Время ангелов | страница 82



Юджин смотрел на нее с болью и замешательством. Она напомнила ему о чем-то ужасном, и на минуту показалось, что какой-то печальный свет воспоминаний готов вот-вот открыться перед ним. Где он видел это прежде, очень-очень давно? Прикрытая завесой память заключала в себе невыразимую боль потери, но не обнаруживала себя полностью. Он продолжал смотреть на шкатулку. Слезы подступили к глазам и пролились. Он пытался сдержать их, прикрыть рукой. Плача, он склонил голову над шкатулкой. Он не мог остановить слезы, но и не мог все еще вспомнить.

Глава 12

«Тот, кто думает спасти идею Добра, привязывая ее к понятию воли, предполагает главным образом предотвратить искажение этой наивысшей ценности путем установления необходимой связи со специфическими и «слишком гуманитарными» факультетами и институтами. С тех пор как официальная идея Добра стала считаться оскорбительной для человеческой свободы, появились попытки разрешить ее с помощью определенных действий.
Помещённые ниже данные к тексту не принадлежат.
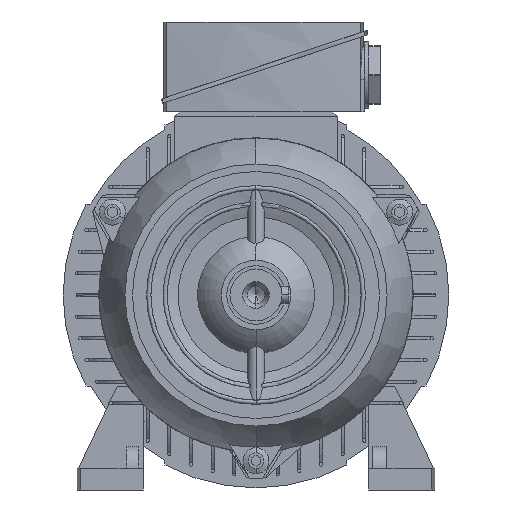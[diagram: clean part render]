
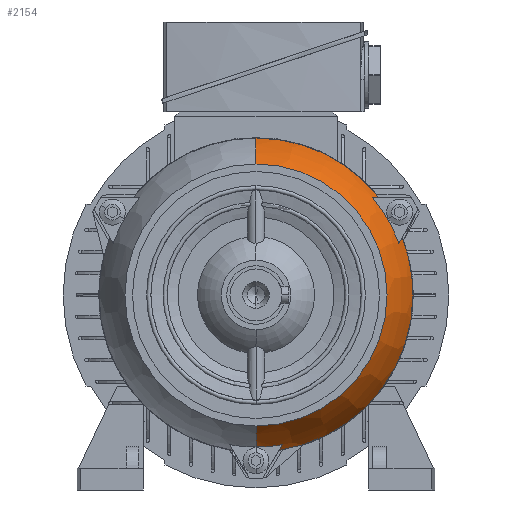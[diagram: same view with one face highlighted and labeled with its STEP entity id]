
A CAD part, left-side view. The second image highlights one B-rep face of the part: STEP entity #2154.
In plain terms, the highlighted toroidal (fillet/blend) face has major radius 18.86 mm and minor radius 95 mm.
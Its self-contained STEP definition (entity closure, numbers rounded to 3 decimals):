
#2154=ADVANCED_FACE('',(#4366),#4367,.T.);
#4366=FACE_OUTER_BOUND('',#6604,.T.);
#4367=TOROIDAL_SURFACE('',#6605,-18.86,95.);
#6604=EDGE_LOOP('',(#13460,#13461,#13462,#13463,#13464,#13465,#13466,#13467,#13468,#13469,#13470));
#6605=AXIS2_PLACEMENT_3D('',#13471,#13472,#13473);
#13460=ORIENTED_EDGE('',*,*,#13752,.T.);
#13461=ORIENTED_EDGE('',*,*,#16420,.T.);
#13462=ORIENTED_EDGE('',*,*,#16407,.T.);
#13463=ORIENTED_EDGE('',*,*,#16422,.F.);
#13464=ORIENTED_EDGE('',*,*,#13750,.F.);
#13465=ORIENTED_EDGE('',*,*,#16423,.T.);
#13466=ORIENTED_EDGE('',*,*,#16424,.T.);
#13467=ORIENTED_EDGE('',*,*,#16425,.T.);
#13468=ORIENTED_EDGE('',*,*,#16426,.F.);
#13469=ORIENTED_EDGE('',*,*,#13755,.T.);
#13470=ORIENTED_EDGE('',*,*,#16427,.T.);
#13471=CARTESIAN_POINT('',(23.221,0.0,0.0));
#13472=DIRECTION('',(1.0,0.0,0.0));
#13473=DIRECTION('',(0.0,0.0,-1.0));
#13750=EDGE_CURVE('',#16556,#16552,#16558,.T.);
#13752=EDGE_CURVE('',#16560,#16561,#16562,.T.);
#13755=EDGE_CURVE('',#16567,#16565,#16568,.T.);
#16407=EDGE_CURVE('',#20516,#20514,#20517,.T.);
#16420=EDGE_CURVE('',#16561,#20516,#20534,.T.);
#16422=EDGE_CURVE('',#16552,#20514,#20536,.T.);
#16423=EDGE_CURVE('',#16556,#20537,#20538,.T.);
#16424=EDGE_CURVE('',#20537,#20539,#20540,.T.);
#16425=EDGE_CURVE('',#20539,#20541,#20542,.T.);
#16426=EDGE_CURVE('',#16567,#20541,#20543,.T.);
#16427=EDGE_CURVE('',#16565,#16560,#20544,.T.);
#16552=VERTEX_POINT('',#20812);
#16556=VERTEX_POINT('',#20817);
#16558=CIRCLE('',#20820,72.45);
#16560=VERTEX_POINT('',#20822);
#16561=VERTEX_POINT('',#20823);
#16562=CIRCLE('',#20824,95.);
#16565=VERTEX_POINT('',#20827);
#16567=VERTEX_POINT('',#20829);
#16568=CIRCLE('',#20830,95.);
#20514=VERTEX_POINT('',#28138);
#20516=VERTEX_POINT('',#28141);
#20517=B_SPLINE_CURVE_WITH_KNOTS('',3,(#28142,#28143,#28144,#28145,#28146,#28147),.UNSPECIFIED.,.F.,.F.,(4,2,4),(62.192,67.067,71.941),.UNSPECIFIED.);
#20534=CIRCLE('',#28173,70.142);
#20536=CIRCLE('',#28175,72.45);
#20537=VERTEX_POINT('',#28176);
#20538=B_SPLINE_CURVE_WITH_KNOTS('',3,(#28177,#28178,#28179,#28180,#28181,#28182),.UNSPECIFIED.,.F.,.F.,(4,2,4),(311.449,316.323,321.198),.UNSPECIFIED.);
#20539=VERTEX_POINT('',#28183);
#20540=CIRCLE('',#28184,70.142);
#20541=VERTEX_POINT('',#28185);
#20542=B_SPLINE_CURVE_WITH_KNOTS('',3,(#28186,#28187,#28188,#28189,#28190,#28191),.UNSPECIFIED.,.F.,.F.,(4,2,4),(62.192,67.067,71.941),.UNSPECIFIED.);
#20543=CIRCLE('',#28192,72.45);
#20544=CIRCLE('',#28193,60.5);
#20812=CARTESIAN_POINT('',(-3.0,-72.45,0.));
#20817=CARTESIAN_POINT('',(-3.0,-67.413,26.543));
#20820=AXIS2_PLACEMENT_3D('',#28348,#28349,#28350);
#20822=CARTESIAN_POINT('',(-29.,0.,-60.5));
#20823=CARTESIAN_POINT('',(-10.0,0.,-70.142));
#20824=AXIS2_PLACEMENT_3D('',#28351,#28352,#28353);
#20827=CARTESIAN_POINT('',(-29.,0.,60.5));
#20829=CARTESIAN_POINT('',(-3.0,0.,72.45));
#20830=AXIS2_PLACEMENT_3D('',#28360,#28361,#28362);
#28138=CARTESIAN_POINT('',(-3.0,-10.719,-71.653));
#28141=CARTESIAN_POINT('',(-10.0,-12.278,-69.059));
#28142=CARTESIAN_POINT('',(-11.342,-12.629,-68.475));
#28143=CARTESIAN_POINT('',(-9.798,-12.214,-69.165));
#28144=CARTESIAN_POINT('',(-8.191,-11.82,-69.821));
#28145=CARTESIAN_POINT('',(-4.925,-11.092,-71.032));
#28146=CARTESIAN_POINT('',(-3.266,-10.759,-71.586));
#28147=CARTESIAN_POINT('',(-1.622,-10.463,-72.079));
#28173=AXIS2_PLACEMENT_3D('',#31264,#31265,#31266);
#28175=AXIS2_PLACEMENT_3D('',#31267,#31268,#31269);
#28176=CARTESIAN_POINT('',(-10.0,-65.946,23.897));
#28177=CARTESIAN_POINT('',(-1.622,-67.654,26.978));
#28178=CARTESIAN_POINT('',(-3.266,-67.375,26.475));
#28179=CARTESIAN_POINT('',(-4.925,-67.062,25.91));
#28180=CARTESIAN_POINT('',(-8.191,-66.377,24.674));
#28181=CARTESIAN_POINT('',(-9.798,-66.006,24.004));
#28182=CARTESIAN_POINT('',(-11.342,-65.615,23.301));
#28183=CARTESIAN_POINT('',(-10.0,-53.668,45.162));
#28184=AXIS2_PLACEMENT_3D('',#31270,#31271,#31272);
#28185=CARTESIAN_POINT('',(-3.0,-56.693,45.11));
#28186=CARTESIAN_POINT('',(-11.342,-52.987,45.174));
#28187=CARTESIAN_POINT('',(-9.798,-53.791,45.16));
#28188=CARTESIAN_POINT('',(-8.191,-54.557,45.147));
#28189=CARTESIAN_POINT('',(-4.925,-55.969,45.122));
#28190=CARTESIAN_POINT('',(-3.266,-56.616,45.111));
#28191=CARTESIAN_POINT('',(-1.622,-57.191,45.101));
#28192=AXIS2_PLACEMENT_3D('',#31273,#31274,#31275);
#28193=AXIS2_PLACEMENT_3D('',#31276,#31277,#31278);
#28348=CARTESIAN_POINT('',(-3.0,0.0,0.0));
#28349=DIRECTION('',(1.0,0.0,0.0));
#28350=DIRECTION('',(0.0,1.0,0.0));
#28351=CARTESIAN_POINT('',(23.221,0.,18.86));
#28352=DIRECTION('',(0.0,-1.0,0.));
#28353=DIRECTION('',(0.0,0.,-1.0));
#28360=CARTESIAN_POINT('',(23.221,0.,-18.86));
#28361=DIRECTION('',(0.0,-1.0,0.));
#28362=DIRECTION('',(0.0,0.,1.0));
#31264=CARTESIAN_POINT('',(-10.0,0.0,0.0));
#31265=DIRECTION('',(-1.0,0.0,0.0));
#31266=DIRECTION('',(0.0,-0.0,1.0));
#31267=CARTESIAN_POINT('',(-3.0,0.0,0.0));
#31268=DIRECTION('',(1.0,0.0,0.0));
#31269=DIRECTION('',(0.0,1.0,0.0));
#31270=CARTESIAN_POINT('',(-10.0,0.0,0.0));
#31271=DIRECTION('',(-1.0,-0.0,0.0));
#31272=DIRECTION('',(0.0,0.0,1.0));
#31273=CARTESIAN_POINT('',(-3.0,0.0,0.0));
#31274=DIRECTION('',(1.0,0.0,0.0));
#31275=DIRECTION('',(0.0,1.0,0.0));
#31276=CARTESIAN_POINT('',(-29.,0.0,0.0));
#31277=DIRECTION('',(1.0,0.0,0.0));
#31278=DIRECTION('',(0.0,1.0,0.0));

Если добродетель будет проявляться в движении или «указующем персте, само ее величие сохранит ее от вырождения. Я уже доказывал, что такая теория ошибочна и вводит в заблуждение открыто проповедуемыми ложными выводами, чтобы завуалировать тайную похвалу определенной личности. Воля, выбор и действие — также понятия двусмысленные. Я подхожу теперь к более серьезным и наталкивающим на размышления возражениям. Если идею Добра отделить от идеи совершенства, она становится как бы выхолощенной, и любая теория, допускающая это разделение, какими бы возвышенными идеями ни прикрывалась, в конце концов оказывается вульгарным релятивизмом. Если идея Добра не отделена от идеи совершенства, невозможно избежать проблемы «трансцендентного». Таким образом, «авторитет» добродетели возвращается и должен утвердиться на сцене в более усложненной форме».

Маркус изучил последний абзац введения в пятую главу трезво и, как он полагал, объективно. В том, что он писал, присутствовал пророческий тон, которого он сначала пытался избежать. Маркус представлял себе книгу как очень спокойное и размеренное повествование, состоящее из ряда крайне простых утверждений. Но проза, по мере того как она впитывала мысль, становилась все более риторической и убедительной. Температура возрастала. Возможно, это было неизбежно. Сложность аргументации не могла не вызвать сильного жара, как при трении. Может ли философия действительности быть бесстрастной? Должна ли быть? Маркус с глубоким удовлетворением ответил нет. Но очень важно сохранить кристальную чистоту. Его книга адресована не только философам. Он чувствовал свою ответственность перед эпохой. Le Pascal de nos jours. Он улыбнулся.